Trasferire le uova sul mezzo LB agar per preservare l'umidità per la schiusa. Posizionare la capsula di Petri in una camera di crescita e attendere che le uova si schiudano entro 24 ore. In una cappa di biosicurezza, piastrella tre pezzi di carta da filtro bagnata in una capsula di Petri e posiziona foglie di pioppo prive di germi sulla carta.
Raccogli le larve e mettile sulle foglie. Sigillare la capsula di Petri con Parafilm e incubarla in una camera di crescita. Cambia le foglie ogni due giorni.
Per i gruppi allevati convenzionalmente, trasferire le uova dalle foglie a una capsula di Petri contenente carta da filtro umida e nutrire queste larve con foglie di pioppo prive di germi. Seleziona casualmente tre larve di prima, seconda e terza stella dai gruppi privi di germi e allevati convenzionalmente. Seziona le terze larve di instar con forbici e pinze sterili al microscopio stereo e raccogli le loro viscere in tubi di microcentrifuga.
Raccogli le larve intatte della prima e della seconda stella in tubi. Aggiungere 100 microlitri di PBS e tre sfere di acciaio ai tubi da 1,5 millilitri e macinare i tessuti in omogeneizzati utilizzando un omogeneizzatore che batte le perline.
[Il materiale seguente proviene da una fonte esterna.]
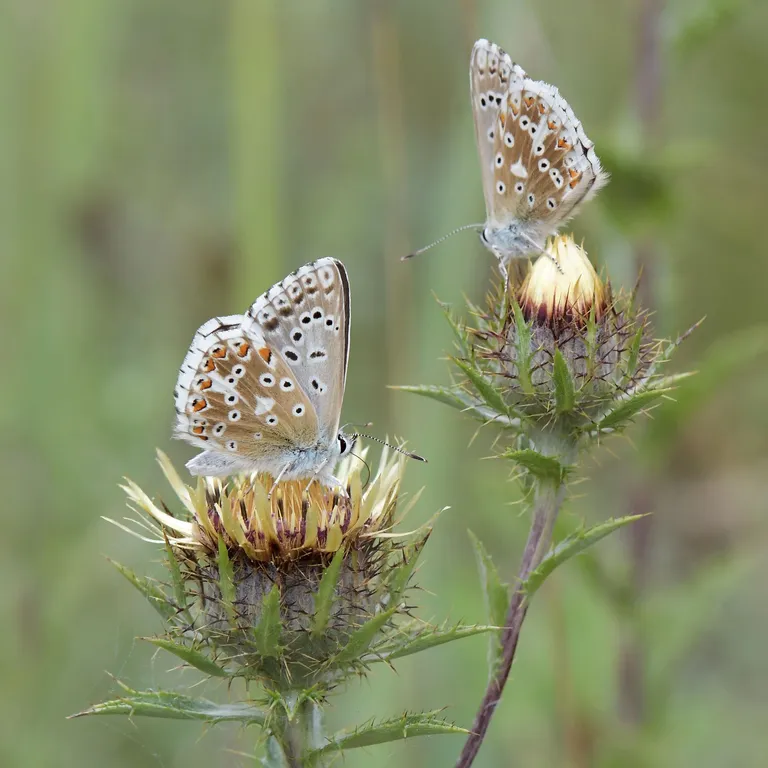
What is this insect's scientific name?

Aggiungere 100 microlitri dell'omogeneizzato al mezzo lb agar e alla piastra utilizzando un'asta di diffusione del vetro sterile.
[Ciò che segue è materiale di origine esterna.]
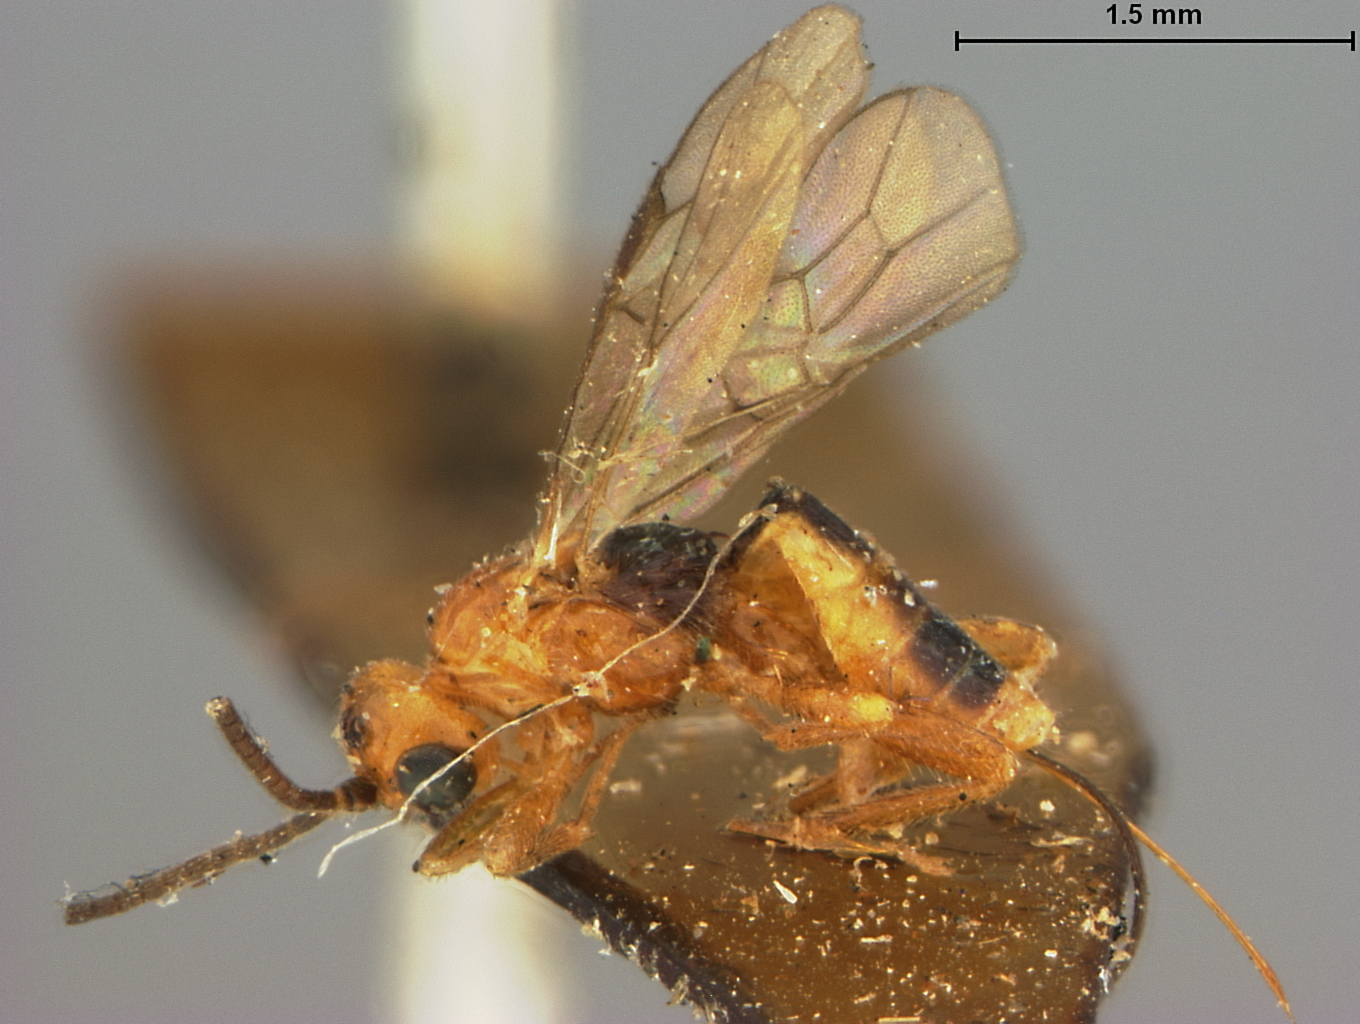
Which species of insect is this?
Bracon japella

Incubare le piastre a 37 gradi Celsius per 24 ore. Quindi osservare le colonie batteriche. Estrarre il DNA totale dei tessuti precedentemente ottenuti utilizzando un kit di estrazione del DNA e misurare la concentrazione di DNA con uno spettrofotometro.
Amplificare il gene rRNA batterico 16S utilizzando primer universali di rRNA 16S con PCR, impostando la reazione come descritto nel manoscritto di testo. Conservare i prodotti PCR a quattro gradi Celsius fino a ulteriori analisi. Mescolare i prodotti PCR con colorante acido nucleico e analizzarli utilizzando l'elettroforesi su un gel di agarosio all'1% in tampone 1X TAE.
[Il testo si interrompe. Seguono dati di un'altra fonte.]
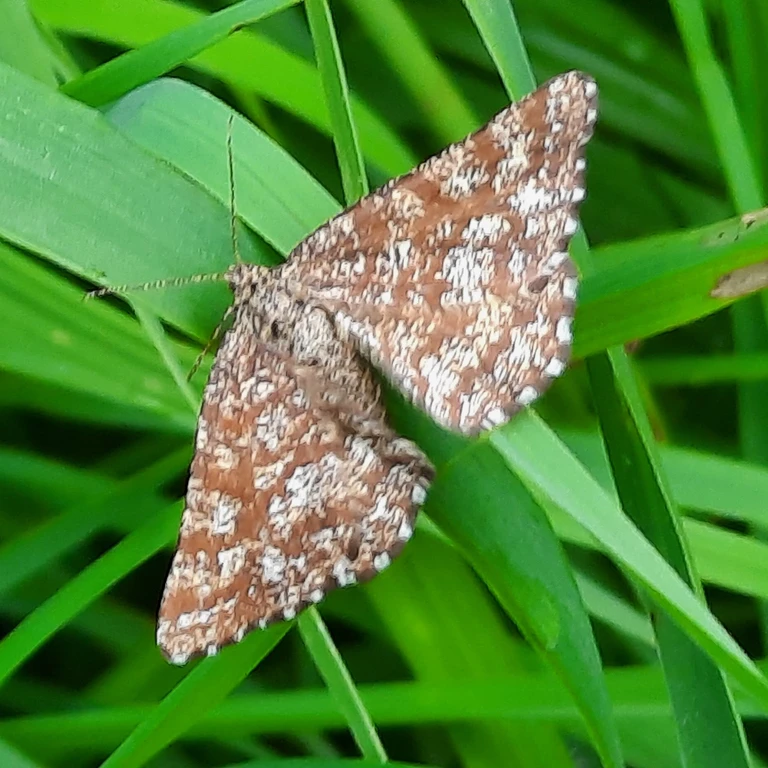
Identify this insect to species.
Ematurga atomaria
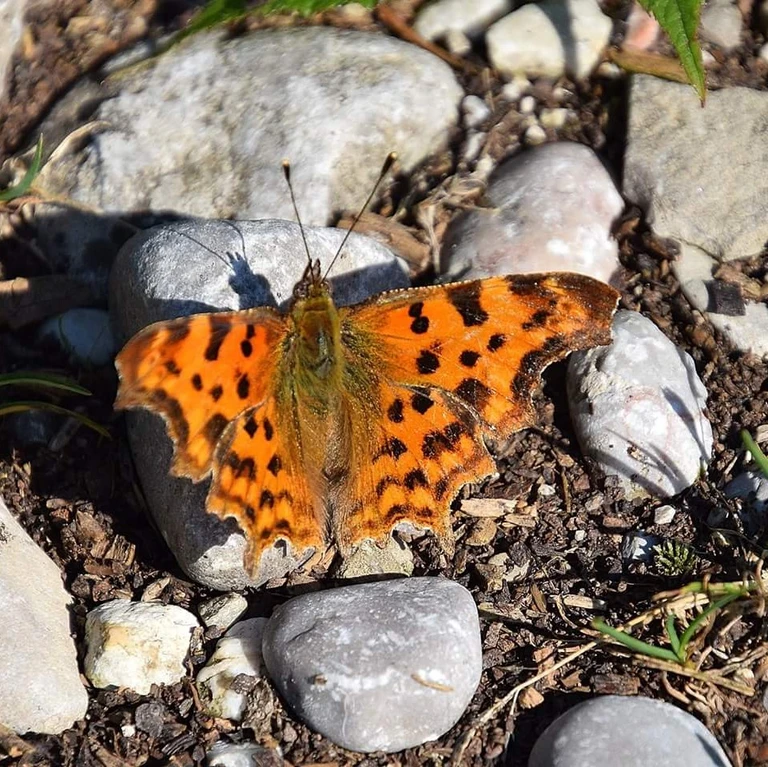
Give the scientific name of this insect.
Polygonia c-album

Utilizzare 10 microlitri di un marcatore del DNA come riferimento. Osserva il gel con un transilluminatore UV e cerca il frammento target intorno a 1.500 paia di basi. Sebbene non siano state osservate colonie batteriche in nessun gruppo privo di germi, sono state osservate in tutti i gruppi allevati convenzionalmente, indicando che le larve di uova sterilizzate che sono state alimentate con foglie di pioppo coltivate con tessuti non contenevano batteri.
Le bande PCR a 1.500 coppie di basi sono apparse in tutti i gruppi allevati convenzionalmente. Al contrario, nessuna banda è stata osservata nei gruppi privi di germi o nel controllo negativo, il che implica che non esistevano batteri intestinali nelle larve astoniche. Per le specie di insetti con uova minuscole, i tipi di disinfettanti e la durata della sterilizzazione dovevano essere ottimizzati.
Inoltre, le endofite nelle piante coltivate con tessuti dovrebbero essere notevoli. Questo protocollo fornisce un nuovo metodo per mantenere gli insetti privi di germi, che è uno strumento utile per facilitare gli studi di interazione insetto-batteri intestinali, in particolare per gli insetti non modello senza diete artificiali ben sviluppate.